Fourth, the bootcamp offers excellent support mechanisms throughout the experience. Participants thrive through a mix of online and offline support; it enables them to constantly reinforce their skills and learning as they move onto more advanced topics. Participants not only have significant direct in-person support, but they’re part of an extensive online slack and social media community. This enables them to learn from one another and to share learning resources they find useful to aid their learning and development. As Cambridge Spark’s participants come from diverse backgrounds and seniority levels, the community can use this extensive community to get advice and access to exclusive job opportunities too.
Finally, they offer a superb opportunity for networking. Participants will work with other professionals looking to re-skill and high-calibre Data Science professionals looking to up-skill. They will also meet others already working in the Data Science space through networking events. Networking events will be attended by Data Science Leaders, Hiring Managers and Project partners. This way, the participants can enhance their prospects of getting hired at the end of the bootcamp. At the same time, they are introduced to professionals to learn from too.
Data Science Skills Gap: The solution?
Despite the high cost, Data Science bootcamps can offer a great deal to the individual.
Carefully curated bootcamps like that of Cambridge Spark can offer an immersive, continuous learning and development experience. And this enables participants to build the employability, technical skills and practical experience required by the Data Science space.
However, while individuals can derive great benefit from such bootcamps, when it comes to the broader Data Science skills gap, they are no panacea.

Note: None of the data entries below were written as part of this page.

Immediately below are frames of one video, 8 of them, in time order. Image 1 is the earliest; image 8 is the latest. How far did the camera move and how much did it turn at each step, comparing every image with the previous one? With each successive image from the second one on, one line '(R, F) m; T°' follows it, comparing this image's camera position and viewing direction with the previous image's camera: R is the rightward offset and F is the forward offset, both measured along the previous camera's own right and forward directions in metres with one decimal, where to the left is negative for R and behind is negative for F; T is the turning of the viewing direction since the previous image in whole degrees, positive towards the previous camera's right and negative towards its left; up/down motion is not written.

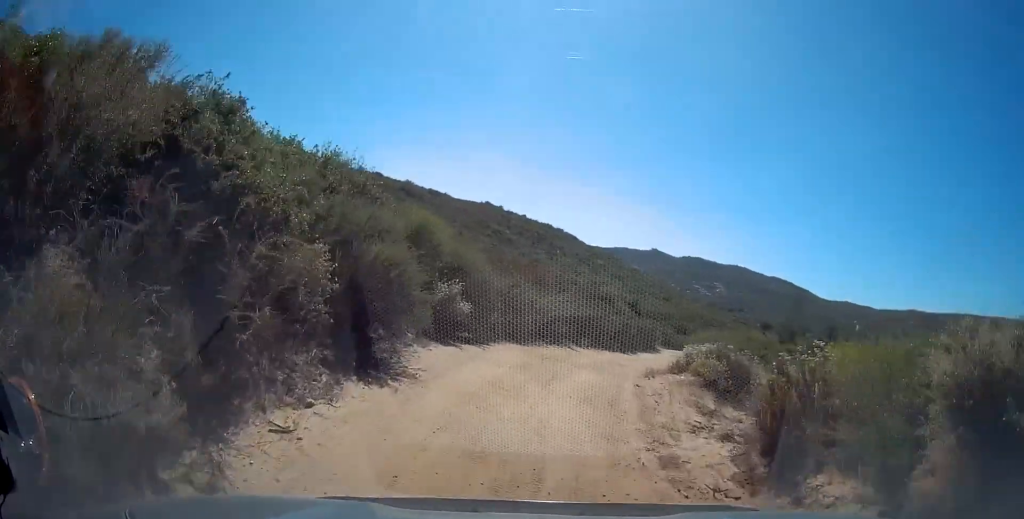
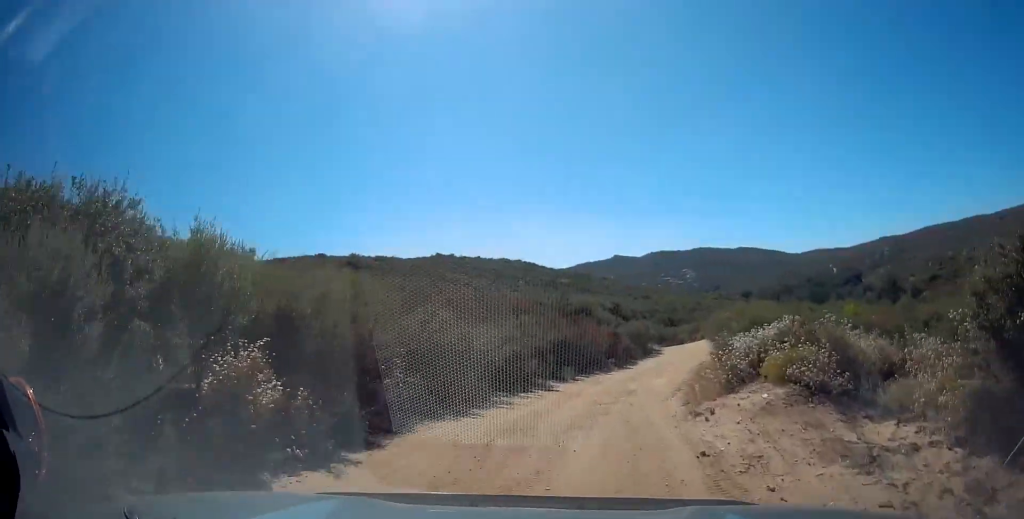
(+0.2, +7.4) m; +3°
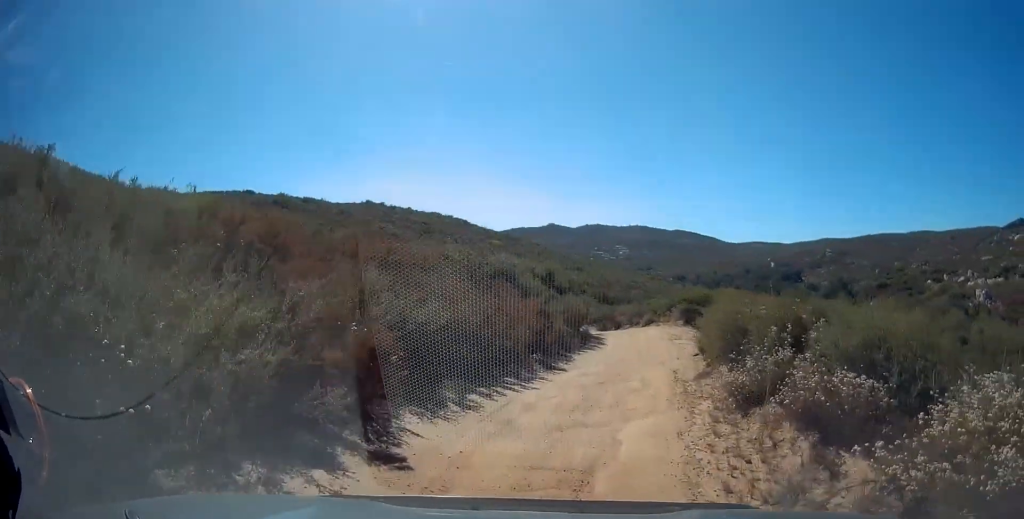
(+0.3, +8.6) m; +6°
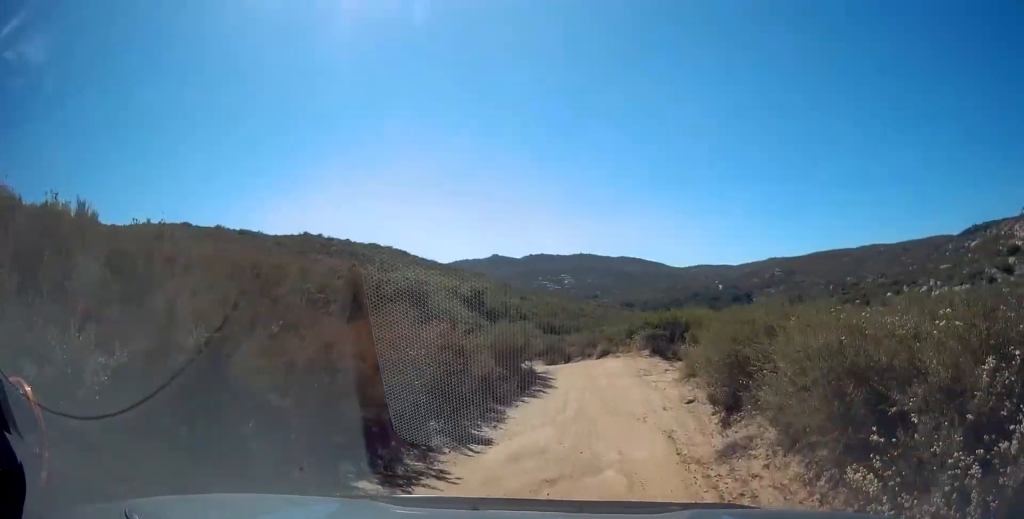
(+0.4, +6.7) m; +4°
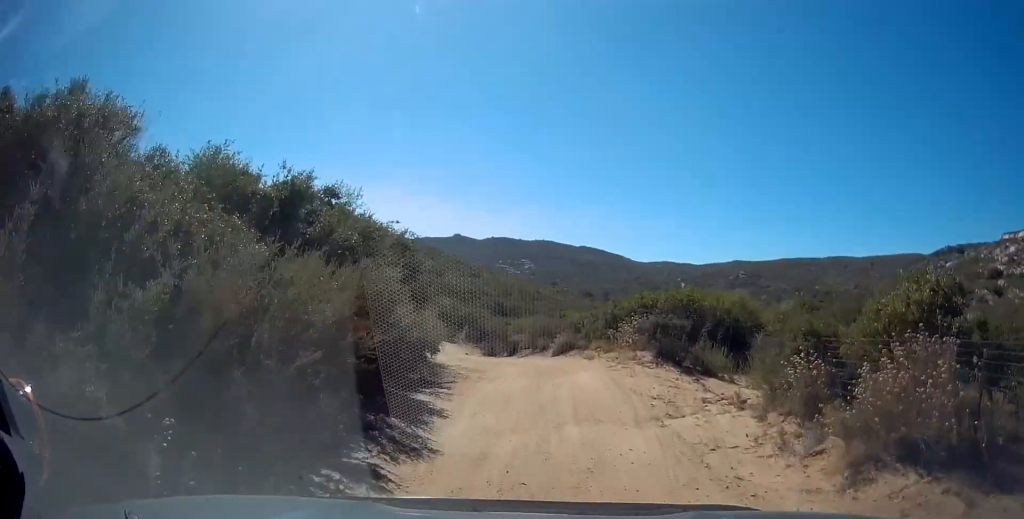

Part of the problem is the sheer depth and complexity of the Data Science discipline, and for most, this takes years of study and professional experience to bridge.
Although bootcamps offer some support in closing the broader gap, they have to be one measure amongst many.
If our effort is sincere, the scale of the challenge requires concerted and consistent investment, educational reform and innovative solutions.
And closing this gap is vital.
The digital technology revolution is rapidly defining the twenty-first century. It has the potential to not only to enhance corporate value, boost efficiency and increase innovation but to change the very way human-beings organise as a species.
A modern economy like the UK has begun to take advantage of such processes, but we must do more – doing so might mean we won’t just be riding the wave, but shaping it.